The study population included 965 IBD patients (582 CD; 383 UC) of whom 142 in- and 823 out-patients. AN was diagnosed in 134 out 965 IBD patients (14%). No significant difference was seen between CD and UC groups (81 CD vs 53 UC; 13.9% vs 13.8%; p=n.s.). The prevalence of AN was more frequent in the admitted IBD group (26% in- vs 11.7% out-patients; p<0.01; O.R. 2.2) and in patients with active disease (CD: 34% active vs 16% in remission; p<0.01; OR 2.1 - UC: 26% active vs 19% in remission; p=0.03; O.R. 1.3). Furthermore, AN appeared to be more frequent in patients with ileo-colic CD and in those with extensive UC (p<0.01).
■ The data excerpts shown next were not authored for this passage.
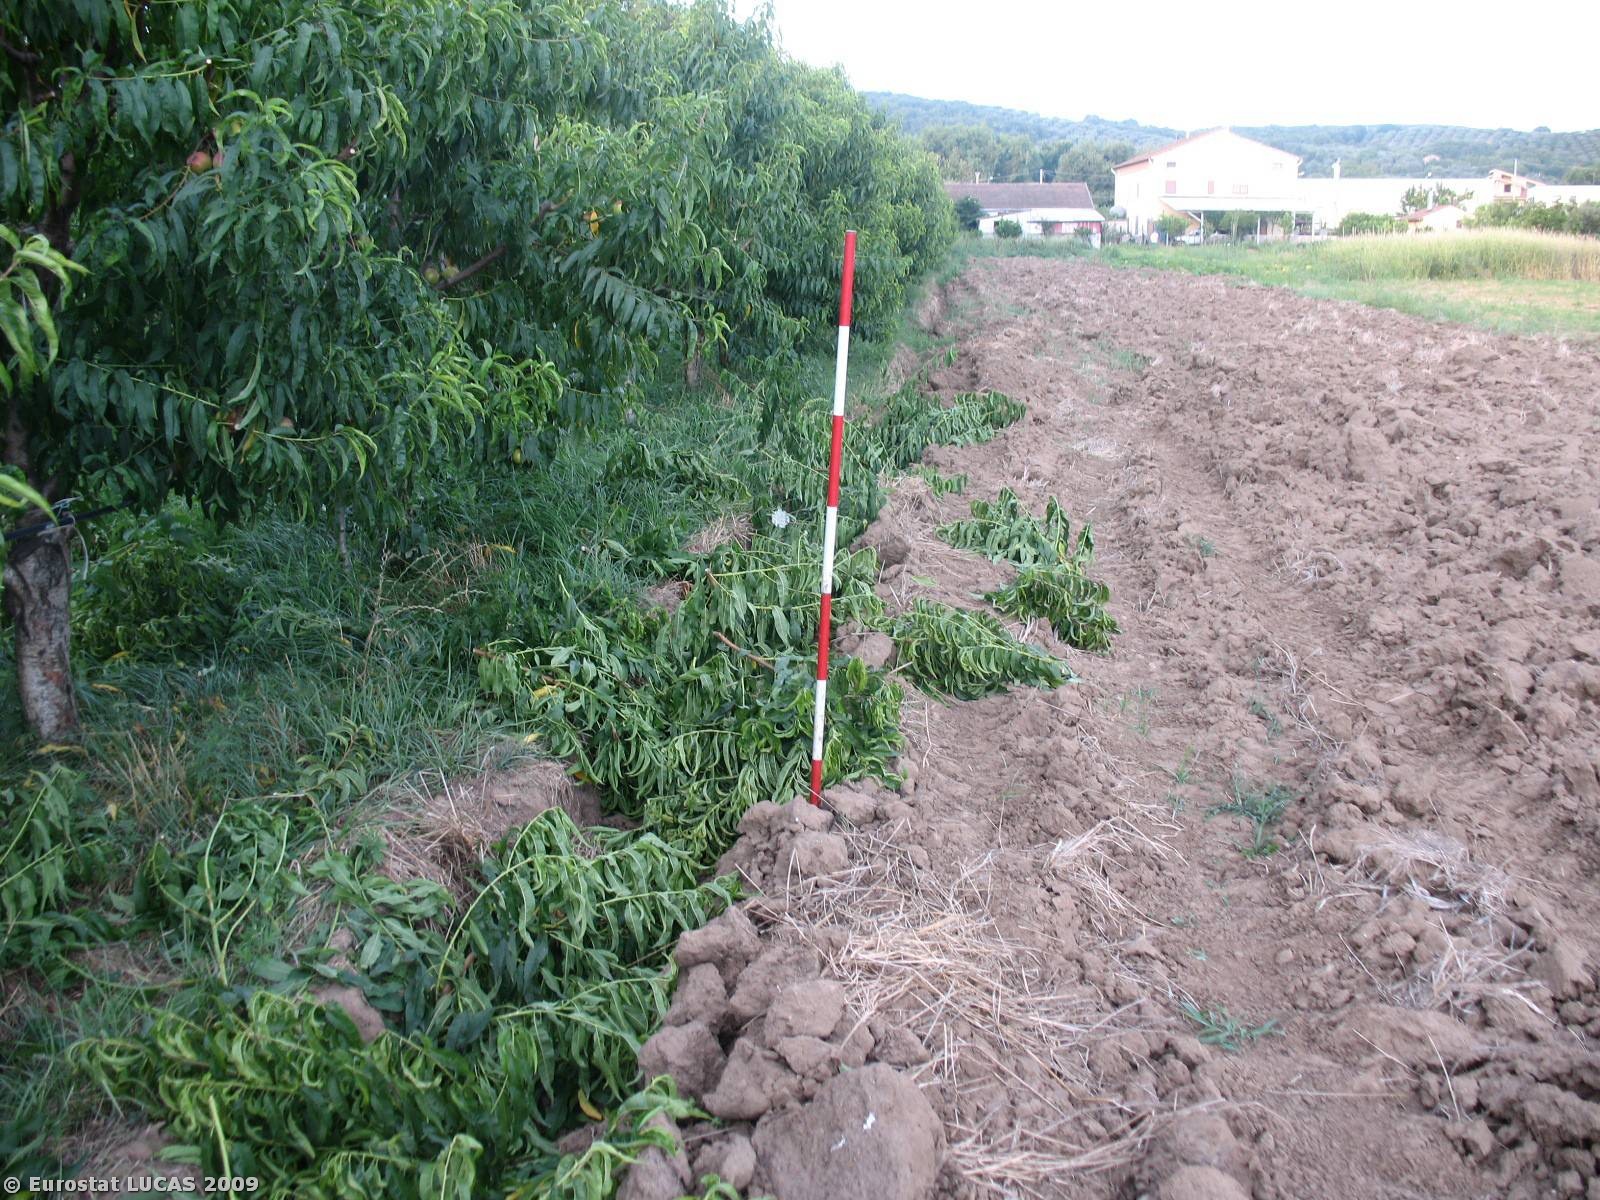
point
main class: Cropland
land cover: Temporary grasslands
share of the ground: < 10 %
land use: Agriculture (excluding fallow land and kitchen gardens)
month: July
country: IT
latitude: 40.4991
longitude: 15.0642
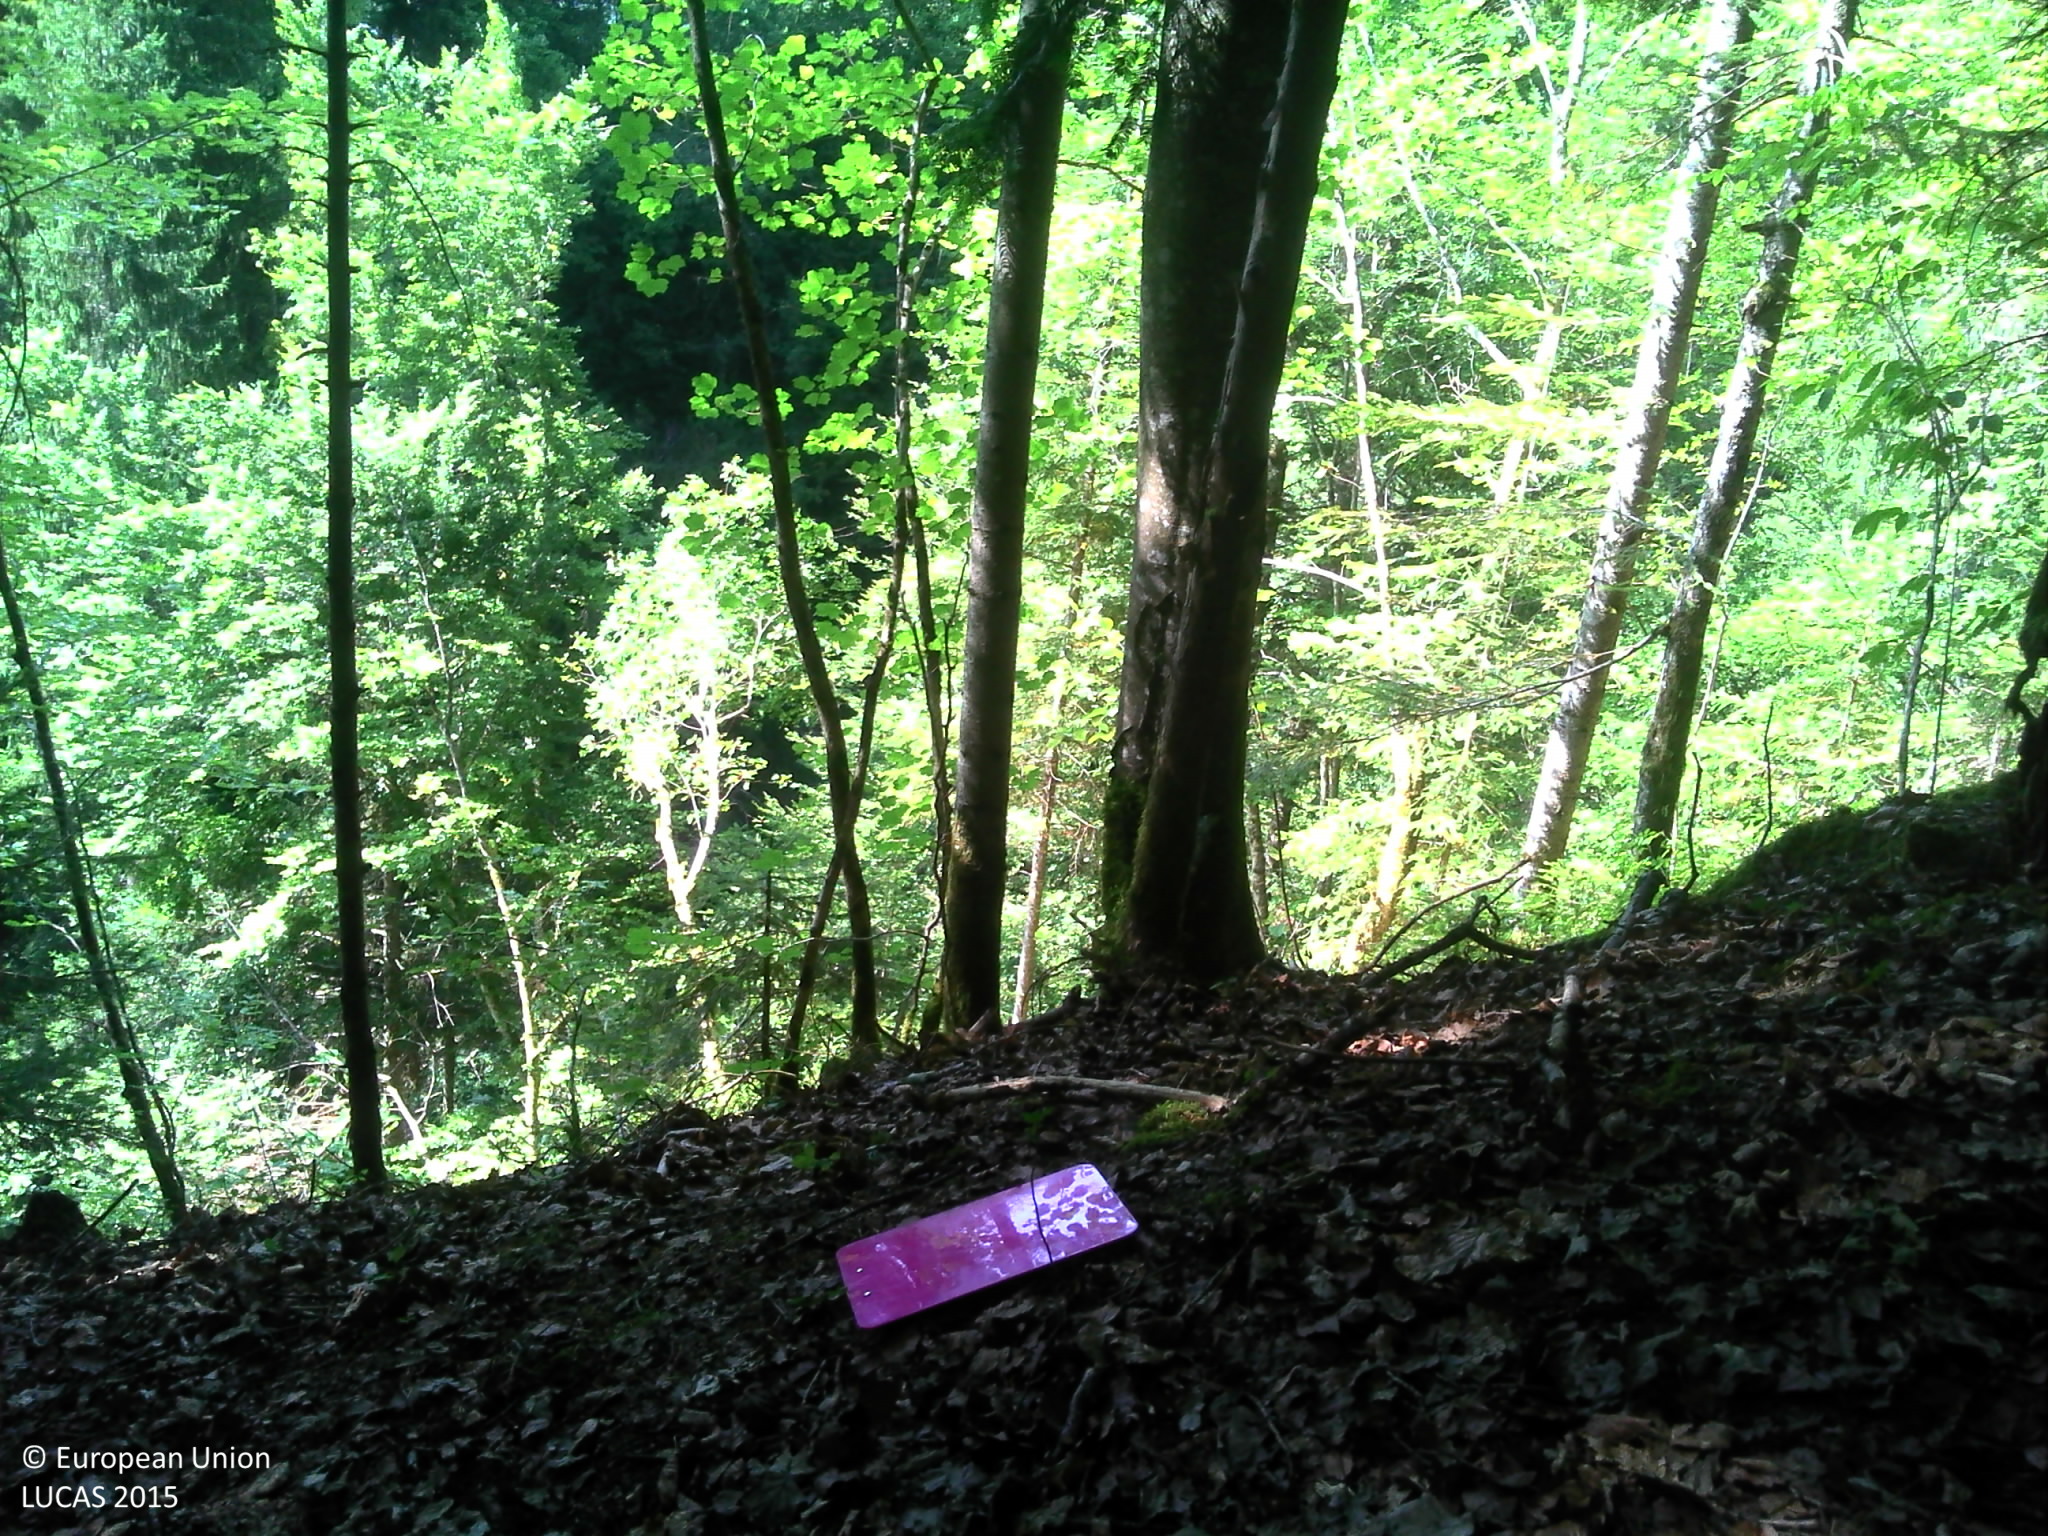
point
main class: Woodland
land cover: Spruce dominated mixed woodland
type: mountainous beech forest
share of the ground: > 75 %
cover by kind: broadleaved forest trees 40 %, coniferous forest trees 35 %, herbaceous plants 20 %, lichens and mosses 5 %
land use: Forestry
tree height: > 5 m
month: July
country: FR
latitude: 45.7288
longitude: 6.3164

Regarding the causes of AN, IDA was present in 72 patients (53.7%), ACD in 12 patients (8.2%), 11 patients (8.2%) had mixed type AN, 9 had thalassemia (6.7%), 8 (5.9%) had macrocytic AN, while in 18 patients (13.4%) the causes remained unclassifiable. Vitamin B12 deficiency was observed in 7.4% of CD patients and in no case of UC. Folic acid deficiency was detected in 6.1 % of CD and in none of the patients with UC. There was no evidence of celiac disease.

Conclusion

AN is common among patients with IBD in Southern Italy and is more frequent in IBD patients with active and extensive disease and in whom needing hospitalization. Iron deficiency still remains the major cause of AN in IBD population.